PCA#

Note

Principal Component Analysis(PCA) is by far the most popular dimentionality reduction algorithm.

First it identifies the hyperplane that lies closest to the data, then projects the data onto that hyperplane.

To choose the right hyperplane, PCA select the axis that preserve the maximum amount of variance, called the 1-th principal component.

It also finds a second axis, orthogonal to the first one, that accounts for the largest amount of remaining variance, called the 2-th principal component, and so on.

Maximize variance \(\Leftrightarrow\) Minimize the mean squared distance, because when we count translation:

\[\mbox{axis variance} + \mbox{mean square distance to axis} = \mbox{variance(which is constant)}\]
pca

Singular Value Decomposition#

Given a \(m\times{n}\) matrix \(\mathbf{X}\), we can decompose it as:

\[\mathbf{X} = \mathbf{U}\mathbf{\Sigma}\mathbf{V}^{T}\]

where \(\mathbf{U}\), \(\mathbf{V}\) is orthogonal, \(\mathbf{\Sigma}\) is diagonal.

principal components of \(\mathbf{X}\) \(\Leftrightarrow\) columns of \(\mathbf{V}\) \(\Leftrightarrow\) eigenvectors of covariance matrix of \(\mathbf{X}\).

Examples#

"""
manual dataset
"""
import numpy as np

m = 100
w1, w2 = 0.1, 0.3
noise = 0.2

X = np.empty((m, 3))
X[:, :2] = np.random.multivariate_normal([0, 0], [[2, 1], [1, 5]], m)
# almost linear dependent
X[:, 2] = X[:, 0] * w1 + X[:, 1] * w2 + noise * np.random.randn(m)
from sklearn.decomposition import PCA

pca = PCA(n_components=2)
# fit + transform
X2D = pca.fit_transform(X)
# 1-th PCA variance ratio, 2-th PCA variance ratio, almost add up to 1
pca.explained_variance_ratio_
array([0.76240779, 0.23294253])

Choosing the Right Number of Dimensions#

"""
dimension that just preserve over 95% of variance
after training
"""
cumsum = np.cumsum(pca.explained_variance_ratio_)
d = np.argmax(cumsum >= 0.95) + 1
d
2
"""
set n_components to indicate the ratio of variance you wish to preserve
no need to run again
"""
pca = PCA(n_components=0.95)

Incremental PCA#

Incremental PCA split the training set into mini-batches and feed them one mini-batch at a time.

This is useful for large training sets and for applying PCA online.

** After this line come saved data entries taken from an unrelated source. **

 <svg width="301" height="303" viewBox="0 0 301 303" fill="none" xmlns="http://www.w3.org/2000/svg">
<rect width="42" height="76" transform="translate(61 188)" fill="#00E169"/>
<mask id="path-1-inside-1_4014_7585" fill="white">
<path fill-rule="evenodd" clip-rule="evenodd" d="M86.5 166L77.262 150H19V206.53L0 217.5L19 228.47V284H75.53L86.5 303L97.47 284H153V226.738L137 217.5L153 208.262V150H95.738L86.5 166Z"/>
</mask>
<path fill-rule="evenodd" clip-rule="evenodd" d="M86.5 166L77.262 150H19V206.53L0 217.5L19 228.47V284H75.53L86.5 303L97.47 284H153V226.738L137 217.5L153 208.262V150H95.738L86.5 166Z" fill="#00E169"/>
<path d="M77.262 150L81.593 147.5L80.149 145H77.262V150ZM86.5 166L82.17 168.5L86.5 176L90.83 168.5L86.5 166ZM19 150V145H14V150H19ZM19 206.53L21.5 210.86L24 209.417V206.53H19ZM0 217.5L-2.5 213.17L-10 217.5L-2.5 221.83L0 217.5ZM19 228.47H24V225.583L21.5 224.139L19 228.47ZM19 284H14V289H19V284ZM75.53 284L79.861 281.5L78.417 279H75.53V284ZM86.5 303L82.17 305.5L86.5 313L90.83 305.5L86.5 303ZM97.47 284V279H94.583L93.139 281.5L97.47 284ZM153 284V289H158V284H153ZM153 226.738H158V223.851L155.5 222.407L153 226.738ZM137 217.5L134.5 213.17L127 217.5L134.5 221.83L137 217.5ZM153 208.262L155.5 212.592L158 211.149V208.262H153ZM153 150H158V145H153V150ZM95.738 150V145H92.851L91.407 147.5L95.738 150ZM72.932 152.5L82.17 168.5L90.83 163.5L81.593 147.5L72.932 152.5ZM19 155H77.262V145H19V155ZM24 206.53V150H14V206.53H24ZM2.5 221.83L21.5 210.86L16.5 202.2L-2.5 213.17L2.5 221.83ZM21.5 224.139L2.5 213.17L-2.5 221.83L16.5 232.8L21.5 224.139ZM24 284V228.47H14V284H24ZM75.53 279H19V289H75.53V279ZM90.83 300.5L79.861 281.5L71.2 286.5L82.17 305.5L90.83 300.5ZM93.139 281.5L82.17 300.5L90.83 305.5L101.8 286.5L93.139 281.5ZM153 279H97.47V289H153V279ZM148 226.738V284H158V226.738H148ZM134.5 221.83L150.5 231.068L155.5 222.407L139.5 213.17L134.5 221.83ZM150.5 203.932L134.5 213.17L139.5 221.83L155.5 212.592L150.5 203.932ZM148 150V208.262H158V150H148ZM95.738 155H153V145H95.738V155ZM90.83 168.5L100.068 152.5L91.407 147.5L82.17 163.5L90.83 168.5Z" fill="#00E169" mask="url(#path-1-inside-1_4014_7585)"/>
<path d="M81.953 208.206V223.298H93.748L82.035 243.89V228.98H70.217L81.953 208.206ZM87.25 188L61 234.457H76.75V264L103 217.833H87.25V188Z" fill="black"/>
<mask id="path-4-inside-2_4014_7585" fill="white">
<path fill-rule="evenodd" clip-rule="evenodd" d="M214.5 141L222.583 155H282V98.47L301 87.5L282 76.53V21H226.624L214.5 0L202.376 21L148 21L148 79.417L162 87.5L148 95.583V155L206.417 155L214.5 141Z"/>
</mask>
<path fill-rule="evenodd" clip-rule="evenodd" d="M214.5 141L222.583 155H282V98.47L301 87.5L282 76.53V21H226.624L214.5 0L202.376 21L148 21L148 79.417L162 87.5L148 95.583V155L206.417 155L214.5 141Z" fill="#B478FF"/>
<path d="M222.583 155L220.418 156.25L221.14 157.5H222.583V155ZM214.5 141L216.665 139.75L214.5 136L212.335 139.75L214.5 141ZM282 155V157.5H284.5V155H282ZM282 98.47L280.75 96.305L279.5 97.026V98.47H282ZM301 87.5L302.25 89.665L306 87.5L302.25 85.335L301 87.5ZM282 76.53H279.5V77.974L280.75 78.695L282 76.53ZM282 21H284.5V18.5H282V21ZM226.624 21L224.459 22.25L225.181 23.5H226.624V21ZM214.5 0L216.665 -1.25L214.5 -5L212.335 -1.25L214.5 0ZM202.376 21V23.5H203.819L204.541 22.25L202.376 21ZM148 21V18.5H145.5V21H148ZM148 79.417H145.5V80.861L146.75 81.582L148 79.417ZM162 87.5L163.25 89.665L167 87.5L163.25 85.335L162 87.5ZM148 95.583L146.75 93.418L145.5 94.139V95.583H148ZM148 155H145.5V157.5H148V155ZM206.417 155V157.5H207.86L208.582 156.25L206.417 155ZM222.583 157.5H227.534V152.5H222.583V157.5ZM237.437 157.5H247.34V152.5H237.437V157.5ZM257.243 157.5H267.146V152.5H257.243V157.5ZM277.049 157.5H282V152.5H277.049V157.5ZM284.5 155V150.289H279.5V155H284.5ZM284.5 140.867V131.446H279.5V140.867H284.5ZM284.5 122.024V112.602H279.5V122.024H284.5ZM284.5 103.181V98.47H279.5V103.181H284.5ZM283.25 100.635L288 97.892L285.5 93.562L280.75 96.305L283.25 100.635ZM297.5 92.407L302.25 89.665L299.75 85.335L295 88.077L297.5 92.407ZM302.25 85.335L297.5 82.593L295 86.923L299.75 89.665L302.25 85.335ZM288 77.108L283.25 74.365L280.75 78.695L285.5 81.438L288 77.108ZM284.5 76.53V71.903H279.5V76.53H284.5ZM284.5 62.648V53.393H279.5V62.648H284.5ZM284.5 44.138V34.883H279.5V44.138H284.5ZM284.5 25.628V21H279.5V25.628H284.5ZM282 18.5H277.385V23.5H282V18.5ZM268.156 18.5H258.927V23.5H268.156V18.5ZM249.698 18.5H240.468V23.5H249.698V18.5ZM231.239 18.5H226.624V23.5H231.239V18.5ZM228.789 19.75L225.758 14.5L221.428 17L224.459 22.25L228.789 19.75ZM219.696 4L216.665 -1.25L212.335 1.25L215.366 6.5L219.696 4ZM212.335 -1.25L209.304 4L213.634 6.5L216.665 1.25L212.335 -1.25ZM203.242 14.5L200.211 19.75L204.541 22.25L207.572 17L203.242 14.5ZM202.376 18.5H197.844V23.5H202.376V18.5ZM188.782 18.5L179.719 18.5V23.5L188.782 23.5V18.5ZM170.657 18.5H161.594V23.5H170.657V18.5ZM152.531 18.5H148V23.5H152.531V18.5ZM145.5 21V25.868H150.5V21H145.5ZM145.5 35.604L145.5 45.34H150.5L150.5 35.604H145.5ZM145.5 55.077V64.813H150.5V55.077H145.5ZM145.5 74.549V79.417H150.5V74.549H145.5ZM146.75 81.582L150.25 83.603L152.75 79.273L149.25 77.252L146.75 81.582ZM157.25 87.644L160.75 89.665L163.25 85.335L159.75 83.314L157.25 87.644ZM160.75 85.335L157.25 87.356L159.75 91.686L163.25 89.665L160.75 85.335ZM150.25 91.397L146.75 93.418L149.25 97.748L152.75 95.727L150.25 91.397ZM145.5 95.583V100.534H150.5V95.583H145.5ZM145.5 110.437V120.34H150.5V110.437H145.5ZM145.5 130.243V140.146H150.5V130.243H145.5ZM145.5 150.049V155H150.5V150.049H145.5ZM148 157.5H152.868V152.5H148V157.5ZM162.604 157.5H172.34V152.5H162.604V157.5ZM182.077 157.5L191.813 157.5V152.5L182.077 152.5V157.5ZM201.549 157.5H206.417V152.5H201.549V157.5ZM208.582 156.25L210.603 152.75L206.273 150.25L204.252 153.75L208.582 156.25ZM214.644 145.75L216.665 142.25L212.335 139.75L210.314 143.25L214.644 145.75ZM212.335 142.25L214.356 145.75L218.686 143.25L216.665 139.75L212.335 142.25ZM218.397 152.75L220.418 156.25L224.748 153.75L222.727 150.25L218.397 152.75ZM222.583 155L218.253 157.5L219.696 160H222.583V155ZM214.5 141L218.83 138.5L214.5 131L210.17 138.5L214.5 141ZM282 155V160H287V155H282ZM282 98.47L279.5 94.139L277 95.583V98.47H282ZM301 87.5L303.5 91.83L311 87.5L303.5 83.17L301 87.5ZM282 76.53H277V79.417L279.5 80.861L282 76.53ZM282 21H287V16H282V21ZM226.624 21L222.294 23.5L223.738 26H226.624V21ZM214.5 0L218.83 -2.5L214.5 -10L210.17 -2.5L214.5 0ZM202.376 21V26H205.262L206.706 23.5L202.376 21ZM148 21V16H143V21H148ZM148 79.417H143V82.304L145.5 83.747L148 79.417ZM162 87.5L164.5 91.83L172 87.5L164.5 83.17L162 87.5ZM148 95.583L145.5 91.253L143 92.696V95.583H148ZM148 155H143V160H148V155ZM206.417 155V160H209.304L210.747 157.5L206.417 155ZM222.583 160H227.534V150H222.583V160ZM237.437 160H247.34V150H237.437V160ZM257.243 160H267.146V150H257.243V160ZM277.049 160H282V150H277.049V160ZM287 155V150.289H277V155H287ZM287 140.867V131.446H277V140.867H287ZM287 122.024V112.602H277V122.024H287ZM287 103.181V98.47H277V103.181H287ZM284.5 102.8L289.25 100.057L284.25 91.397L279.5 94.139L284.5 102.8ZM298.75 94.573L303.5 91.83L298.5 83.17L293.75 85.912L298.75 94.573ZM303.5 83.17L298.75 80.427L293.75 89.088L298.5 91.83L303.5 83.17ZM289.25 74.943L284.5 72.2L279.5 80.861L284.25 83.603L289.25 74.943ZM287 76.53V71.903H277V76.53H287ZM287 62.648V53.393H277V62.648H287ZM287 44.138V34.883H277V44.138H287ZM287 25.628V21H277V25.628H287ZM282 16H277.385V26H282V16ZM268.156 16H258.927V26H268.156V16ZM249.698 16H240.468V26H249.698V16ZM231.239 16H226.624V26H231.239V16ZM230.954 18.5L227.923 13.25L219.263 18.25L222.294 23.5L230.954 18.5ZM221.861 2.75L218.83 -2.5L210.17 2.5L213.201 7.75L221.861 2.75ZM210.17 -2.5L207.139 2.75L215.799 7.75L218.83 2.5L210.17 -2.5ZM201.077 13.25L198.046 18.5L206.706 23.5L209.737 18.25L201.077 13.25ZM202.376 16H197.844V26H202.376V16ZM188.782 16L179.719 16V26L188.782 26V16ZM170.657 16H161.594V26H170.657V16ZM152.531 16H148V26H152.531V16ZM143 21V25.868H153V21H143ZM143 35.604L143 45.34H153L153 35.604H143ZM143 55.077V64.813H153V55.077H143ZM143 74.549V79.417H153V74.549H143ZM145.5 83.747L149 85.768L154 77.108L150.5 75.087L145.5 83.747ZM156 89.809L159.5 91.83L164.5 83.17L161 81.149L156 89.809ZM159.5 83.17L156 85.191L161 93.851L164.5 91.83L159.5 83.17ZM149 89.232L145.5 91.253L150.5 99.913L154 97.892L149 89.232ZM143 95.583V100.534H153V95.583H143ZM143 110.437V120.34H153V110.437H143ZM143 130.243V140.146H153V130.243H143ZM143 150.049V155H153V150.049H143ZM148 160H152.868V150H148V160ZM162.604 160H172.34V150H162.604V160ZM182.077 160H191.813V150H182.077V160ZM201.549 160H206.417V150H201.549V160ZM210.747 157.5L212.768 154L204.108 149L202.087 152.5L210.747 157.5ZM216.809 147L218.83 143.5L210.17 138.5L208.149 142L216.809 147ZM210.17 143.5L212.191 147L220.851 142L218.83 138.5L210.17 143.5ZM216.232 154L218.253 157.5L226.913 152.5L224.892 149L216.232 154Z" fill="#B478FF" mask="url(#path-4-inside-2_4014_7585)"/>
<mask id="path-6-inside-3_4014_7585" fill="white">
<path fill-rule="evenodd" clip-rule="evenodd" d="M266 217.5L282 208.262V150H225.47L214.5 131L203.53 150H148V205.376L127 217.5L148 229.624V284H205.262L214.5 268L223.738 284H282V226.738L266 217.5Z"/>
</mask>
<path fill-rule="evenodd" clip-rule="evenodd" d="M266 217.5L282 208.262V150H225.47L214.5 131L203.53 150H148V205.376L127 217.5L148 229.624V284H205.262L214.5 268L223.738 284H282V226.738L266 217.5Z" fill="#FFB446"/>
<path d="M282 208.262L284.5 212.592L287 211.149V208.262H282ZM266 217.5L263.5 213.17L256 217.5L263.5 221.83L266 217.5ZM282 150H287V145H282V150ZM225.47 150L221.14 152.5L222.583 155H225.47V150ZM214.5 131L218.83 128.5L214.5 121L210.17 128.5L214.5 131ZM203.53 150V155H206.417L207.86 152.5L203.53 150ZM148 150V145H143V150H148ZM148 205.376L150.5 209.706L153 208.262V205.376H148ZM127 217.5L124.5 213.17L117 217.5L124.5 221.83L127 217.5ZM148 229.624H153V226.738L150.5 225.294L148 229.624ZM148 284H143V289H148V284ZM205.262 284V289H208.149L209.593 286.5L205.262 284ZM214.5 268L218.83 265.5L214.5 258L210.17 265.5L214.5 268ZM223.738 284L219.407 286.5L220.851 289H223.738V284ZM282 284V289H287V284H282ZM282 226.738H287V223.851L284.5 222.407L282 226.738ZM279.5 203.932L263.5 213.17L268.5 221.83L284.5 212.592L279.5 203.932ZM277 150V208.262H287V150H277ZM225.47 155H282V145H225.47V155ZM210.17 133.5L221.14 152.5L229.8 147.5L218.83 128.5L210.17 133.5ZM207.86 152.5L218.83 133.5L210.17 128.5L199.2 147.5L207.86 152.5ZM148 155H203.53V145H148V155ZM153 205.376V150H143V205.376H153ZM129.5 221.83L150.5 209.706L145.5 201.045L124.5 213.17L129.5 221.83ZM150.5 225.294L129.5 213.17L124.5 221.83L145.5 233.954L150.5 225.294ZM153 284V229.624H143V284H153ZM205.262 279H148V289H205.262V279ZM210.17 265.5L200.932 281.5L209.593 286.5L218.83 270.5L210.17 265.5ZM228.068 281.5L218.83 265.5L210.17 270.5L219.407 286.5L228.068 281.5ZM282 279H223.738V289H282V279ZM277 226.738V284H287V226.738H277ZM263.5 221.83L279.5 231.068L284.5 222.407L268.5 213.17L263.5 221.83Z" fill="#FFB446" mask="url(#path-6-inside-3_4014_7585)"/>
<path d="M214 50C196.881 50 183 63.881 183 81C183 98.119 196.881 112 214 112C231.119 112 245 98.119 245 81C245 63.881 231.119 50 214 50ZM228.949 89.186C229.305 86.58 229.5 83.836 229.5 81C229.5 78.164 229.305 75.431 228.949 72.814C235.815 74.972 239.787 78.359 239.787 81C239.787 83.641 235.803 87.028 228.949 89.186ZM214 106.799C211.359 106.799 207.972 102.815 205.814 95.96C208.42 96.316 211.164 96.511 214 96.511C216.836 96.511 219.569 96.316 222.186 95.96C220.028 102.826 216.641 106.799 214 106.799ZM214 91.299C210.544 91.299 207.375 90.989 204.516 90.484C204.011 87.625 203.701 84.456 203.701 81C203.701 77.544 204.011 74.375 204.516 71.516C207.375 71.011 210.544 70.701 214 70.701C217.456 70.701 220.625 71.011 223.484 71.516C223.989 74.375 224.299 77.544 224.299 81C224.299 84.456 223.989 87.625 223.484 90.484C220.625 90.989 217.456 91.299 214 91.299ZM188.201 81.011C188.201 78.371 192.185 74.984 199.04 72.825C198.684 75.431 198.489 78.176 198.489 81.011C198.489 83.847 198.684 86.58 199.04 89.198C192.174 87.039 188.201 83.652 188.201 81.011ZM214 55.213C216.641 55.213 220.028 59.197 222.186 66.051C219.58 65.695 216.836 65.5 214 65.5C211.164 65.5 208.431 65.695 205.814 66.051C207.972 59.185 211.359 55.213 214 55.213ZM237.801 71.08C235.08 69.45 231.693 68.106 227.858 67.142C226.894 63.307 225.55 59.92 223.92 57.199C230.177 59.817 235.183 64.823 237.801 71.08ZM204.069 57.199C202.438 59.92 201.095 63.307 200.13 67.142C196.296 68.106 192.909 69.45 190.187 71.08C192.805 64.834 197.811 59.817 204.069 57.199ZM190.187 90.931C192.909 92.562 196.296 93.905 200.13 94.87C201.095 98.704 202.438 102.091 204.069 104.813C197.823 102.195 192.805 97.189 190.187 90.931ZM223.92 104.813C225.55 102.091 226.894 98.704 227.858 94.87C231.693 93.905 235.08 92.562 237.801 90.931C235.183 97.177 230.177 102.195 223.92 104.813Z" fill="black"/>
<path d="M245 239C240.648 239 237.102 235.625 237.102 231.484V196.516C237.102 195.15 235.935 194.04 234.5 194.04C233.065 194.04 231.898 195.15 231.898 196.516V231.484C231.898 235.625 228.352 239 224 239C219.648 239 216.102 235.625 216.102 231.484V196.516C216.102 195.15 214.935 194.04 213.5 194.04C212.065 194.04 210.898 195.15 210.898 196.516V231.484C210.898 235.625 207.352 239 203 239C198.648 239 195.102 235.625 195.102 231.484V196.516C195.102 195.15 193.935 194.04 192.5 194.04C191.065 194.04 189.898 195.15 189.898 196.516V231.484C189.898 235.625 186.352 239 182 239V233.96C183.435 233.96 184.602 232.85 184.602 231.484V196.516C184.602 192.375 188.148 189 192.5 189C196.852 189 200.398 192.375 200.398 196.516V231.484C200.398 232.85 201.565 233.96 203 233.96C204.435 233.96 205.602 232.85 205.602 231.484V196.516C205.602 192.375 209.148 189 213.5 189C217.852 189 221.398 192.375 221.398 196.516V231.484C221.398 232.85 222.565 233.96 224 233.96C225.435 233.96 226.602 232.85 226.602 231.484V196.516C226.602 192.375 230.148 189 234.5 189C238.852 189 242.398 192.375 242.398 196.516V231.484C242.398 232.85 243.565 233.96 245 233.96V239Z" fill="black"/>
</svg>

from sklearn.decomposition import IncrementalPCA

n_batches = 5
inc_pca = IncrementalPCA(n_components=2)
# split X_train into 5 batches
for X_batch in np.array_split(X, n_batches):
    # partial_fit instead of fit
    inc_pca.partial_fit(X_batch)
    
X_reduced = inc_pca.transform(X)

Kernel PCA#

Using the kernel trick, KernelPCA is good at preserving clusters of instances after projection.

from sklearn.decomposition import KernelPCA

# rbf kernel is applied
rbf_pca = KernelPCA(n_components=2, kernel="rbf", gamma=0.04)
X_reduced = rbf_pca.fit_transform(X)

Tune Dimensionality Reduction#

As Dimensionality Reduction is unsupervised, there is no abvious performance measure.

While dimentionality reduction is often a preparation step for a supervised learning task.

So we can use grid search to select the hyperparameters that lead to the best performance on that task.